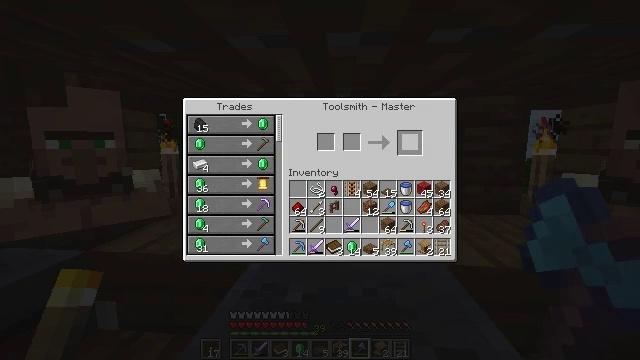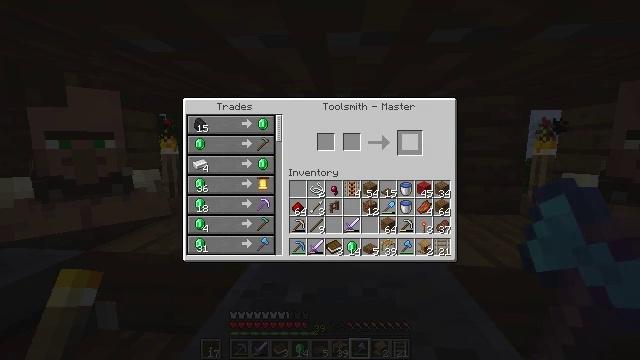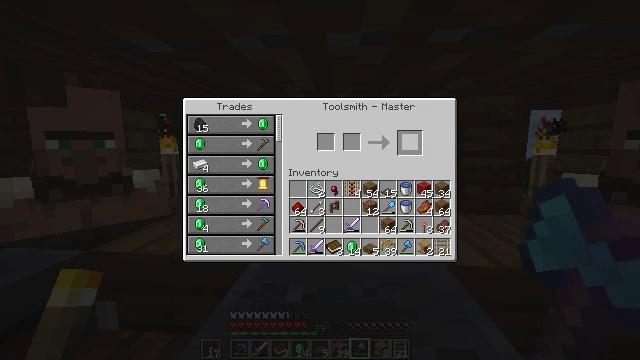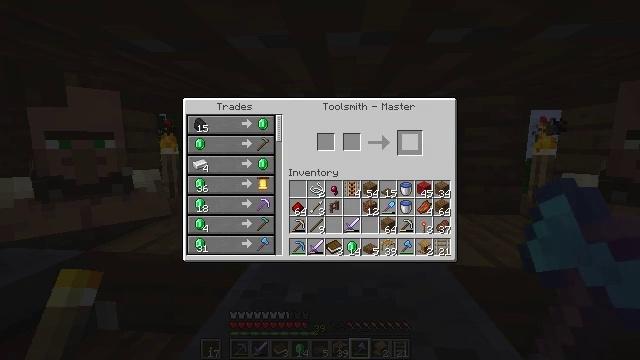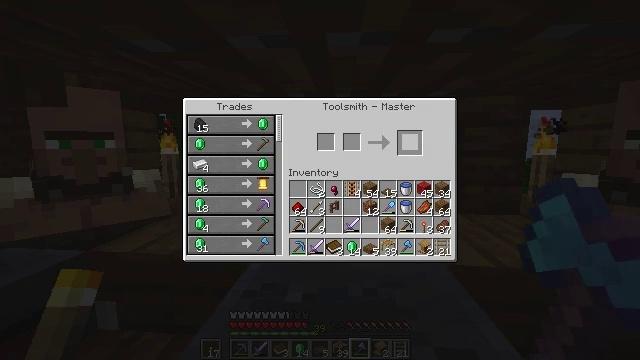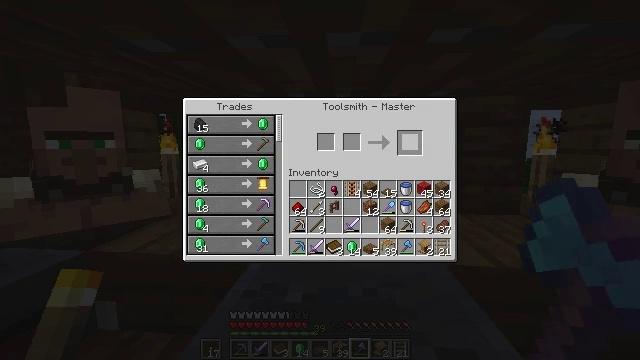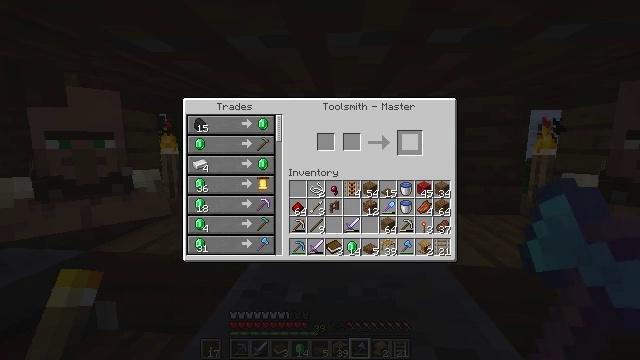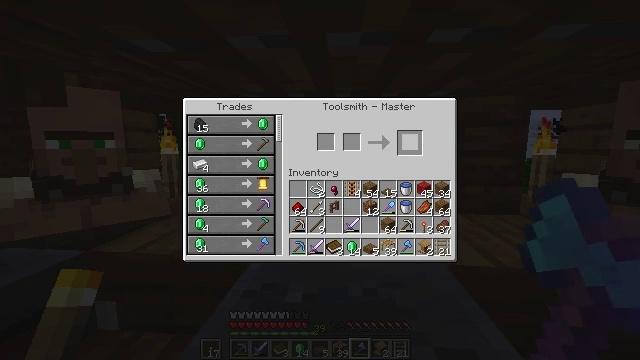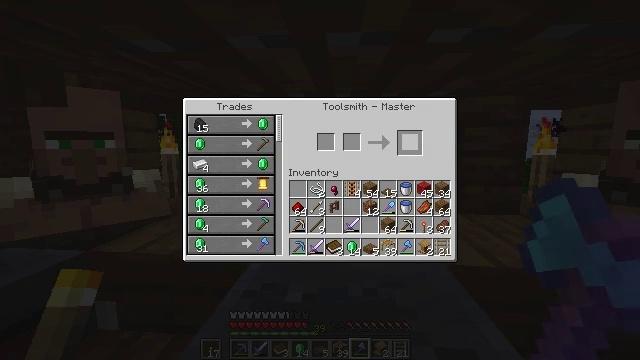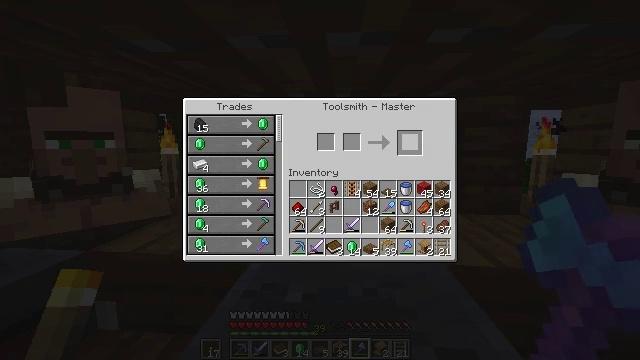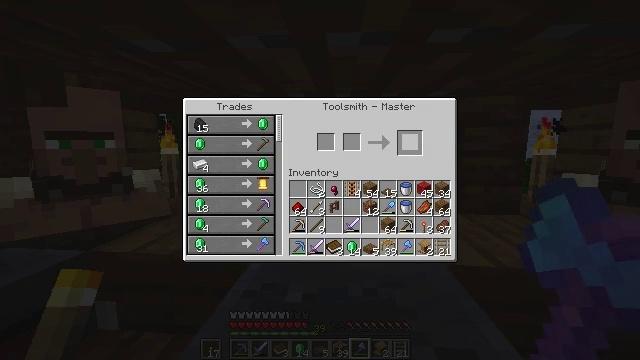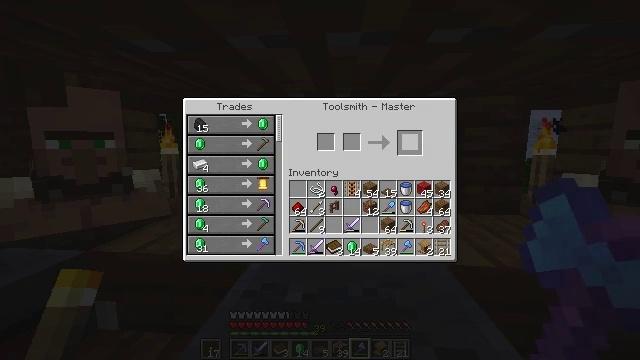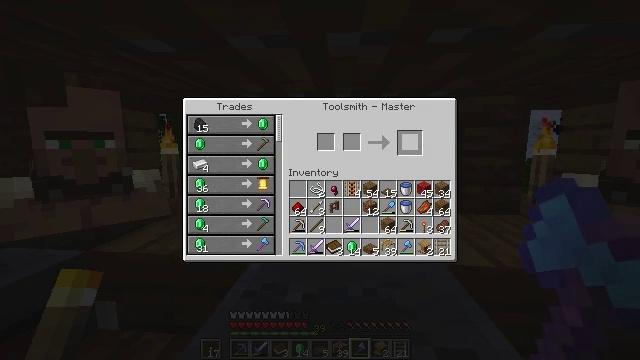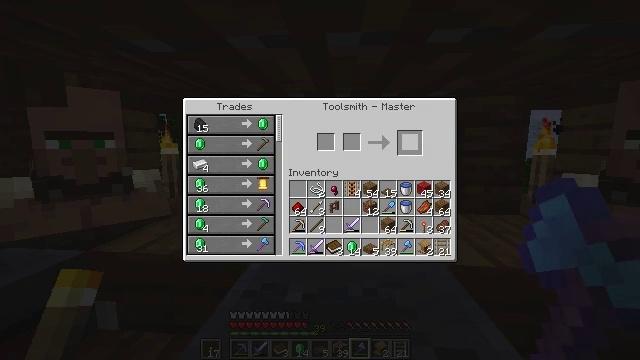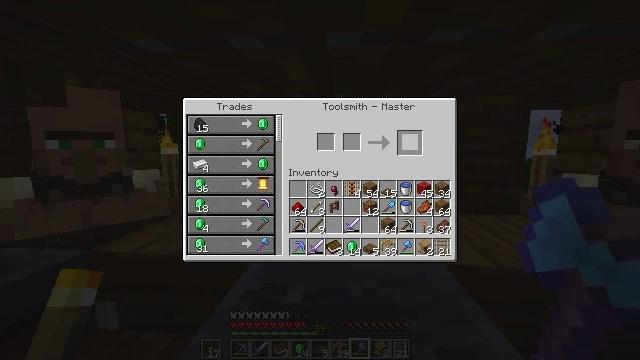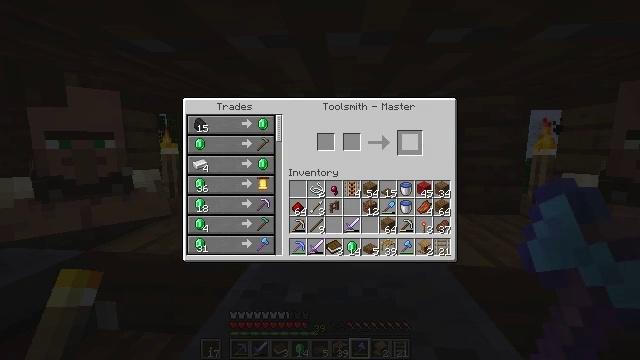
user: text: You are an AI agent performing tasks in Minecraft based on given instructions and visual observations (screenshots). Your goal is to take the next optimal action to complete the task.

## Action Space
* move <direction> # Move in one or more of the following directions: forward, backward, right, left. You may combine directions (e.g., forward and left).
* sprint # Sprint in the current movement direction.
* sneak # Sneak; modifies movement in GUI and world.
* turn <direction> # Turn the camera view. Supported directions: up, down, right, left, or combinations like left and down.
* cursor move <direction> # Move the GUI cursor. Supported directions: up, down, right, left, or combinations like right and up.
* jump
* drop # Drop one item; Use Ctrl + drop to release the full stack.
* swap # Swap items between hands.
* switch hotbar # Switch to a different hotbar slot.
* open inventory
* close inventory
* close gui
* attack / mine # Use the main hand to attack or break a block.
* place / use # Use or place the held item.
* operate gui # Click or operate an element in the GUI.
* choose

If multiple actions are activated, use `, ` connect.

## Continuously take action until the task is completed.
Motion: motion action
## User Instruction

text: Break the spruce slab from a structure.
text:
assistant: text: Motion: sneak
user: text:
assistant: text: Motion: sneak
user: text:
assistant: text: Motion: sneak
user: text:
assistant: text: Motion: no_op
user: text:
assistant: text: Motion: no_op
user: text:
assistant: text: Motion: no_op
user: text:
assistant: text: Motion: no_op
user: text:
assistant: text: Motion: no_op
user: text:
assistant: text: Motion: no_op
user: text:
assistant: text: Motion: no_op
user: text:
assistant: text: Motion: no_op
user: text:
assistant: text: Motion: no_op
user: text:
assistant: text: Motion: no_op
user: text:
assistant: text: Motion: no_op
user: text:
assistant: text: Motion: no_op
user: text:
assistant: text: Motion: no_op
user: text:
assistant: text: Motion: no_op
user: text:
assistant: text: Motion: no_op
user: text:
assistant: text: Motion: no_op
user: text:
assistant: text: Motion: no_op
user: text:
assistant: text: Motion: no_op
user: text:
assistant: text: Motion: no_op
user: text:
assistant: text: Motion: no_op
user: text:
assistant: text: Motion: no_op
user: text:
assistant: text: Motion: no_op
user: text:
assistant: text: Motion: no_op
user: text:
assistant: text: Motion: no_op
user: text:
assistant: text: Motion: no_op
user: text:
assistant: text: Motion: no_op
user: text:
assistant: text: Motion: no_op
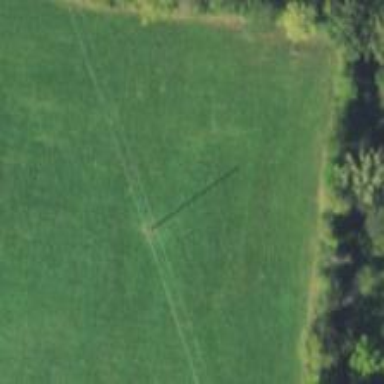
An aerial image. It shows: Power pole.
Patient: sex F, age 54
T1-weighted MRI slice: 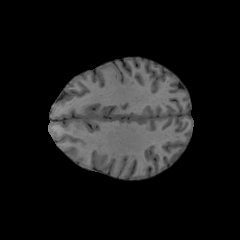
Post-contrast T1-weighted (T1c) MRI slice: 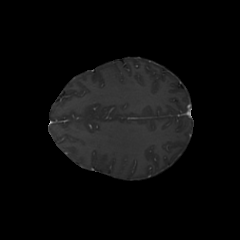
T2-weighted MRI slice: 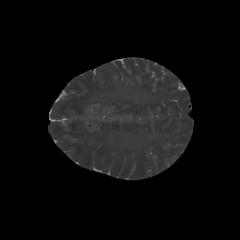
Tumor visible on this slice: no
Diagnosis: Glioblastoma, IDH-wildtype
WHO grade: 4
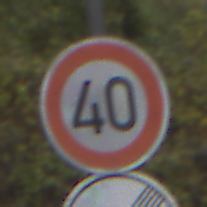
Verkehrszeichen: Geschwindigkeit40
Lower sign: EndeUeberholverbotKraftfahrzeuge
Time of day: MorningAfternoon
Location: Outdoor (Urban)
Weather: PartlyCloudy
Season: NotSpecified
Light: Natural
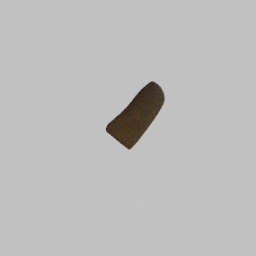
Label: nature
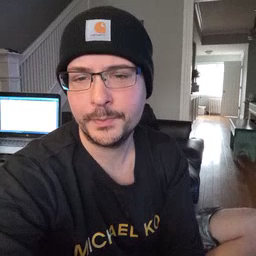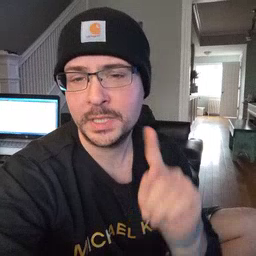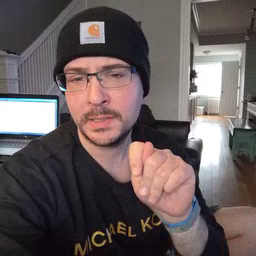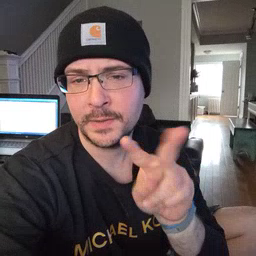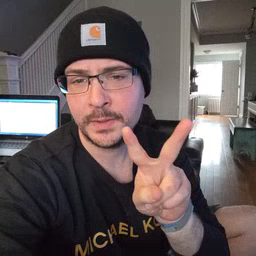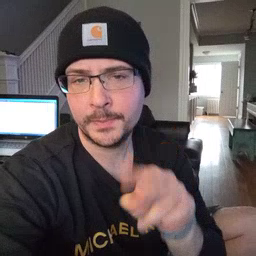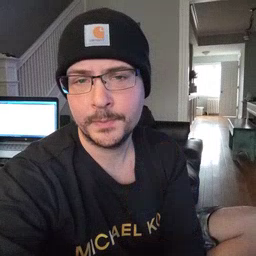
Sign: TV
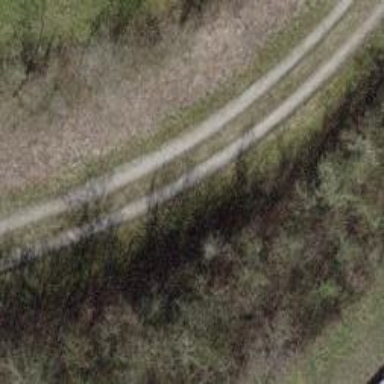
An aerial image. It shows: Track with compacted grade3 surface.
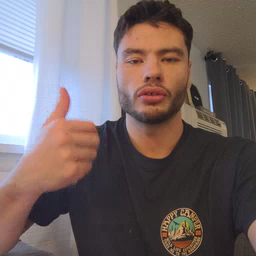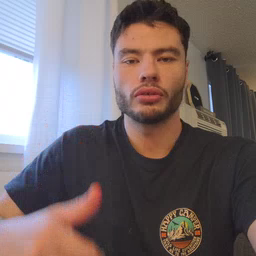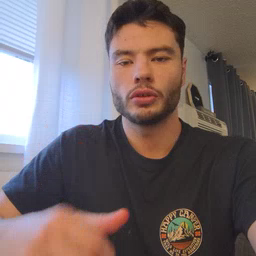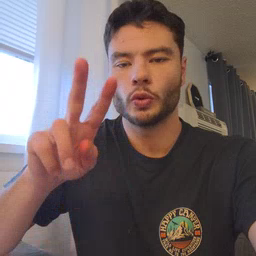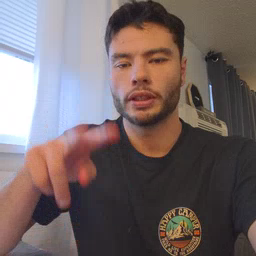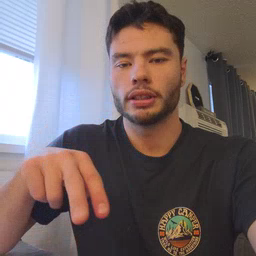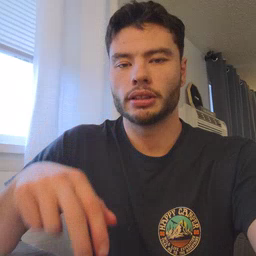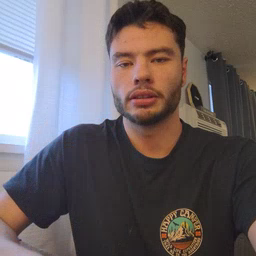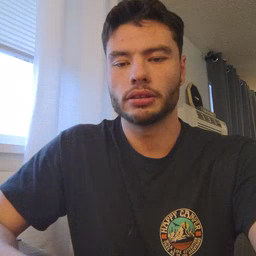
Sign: read
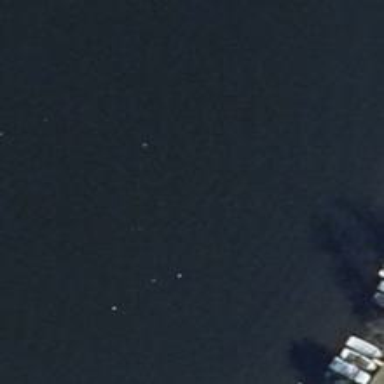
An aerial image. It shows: Man-made pier.
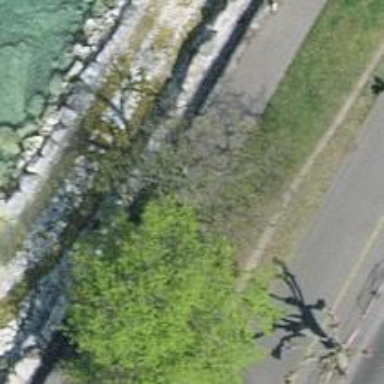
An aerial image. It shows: Urban tree adds touch of nature to the surroundings.
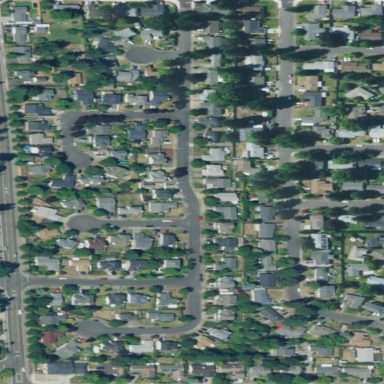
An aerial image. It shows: Residential area composed of single-family homes.
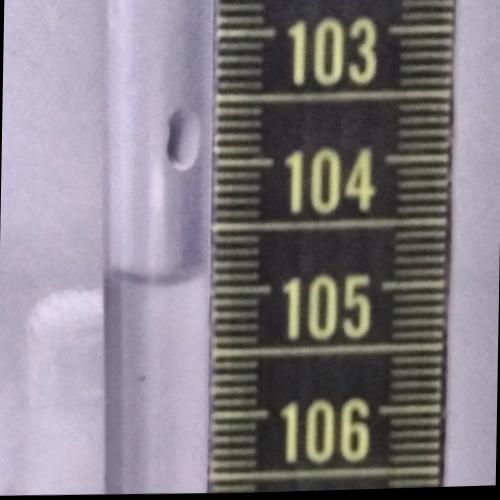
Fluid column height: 104.9 cm
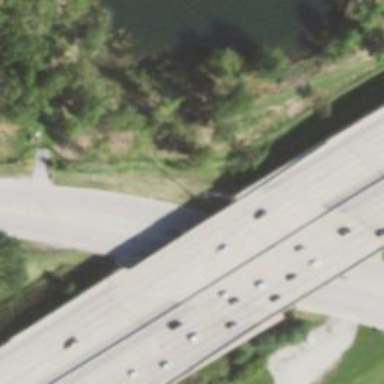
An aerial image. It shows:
== == ==
WORK ITEM: Lines of the material that contain the word "left" are to be gathered.

FINAL ANSWER:
* move <direction> # Move in one or more of the following directions: forward, backward, right, left. You may combine directions (e.g., forward and left).
* turn <direction> # Turn the camera view. Supported directions: up, down, right, left, or combinations like left and down.
* cursor move <direction> # Move the GUI cursor. Supported directions: up, down, right, left, or combinations like right and up.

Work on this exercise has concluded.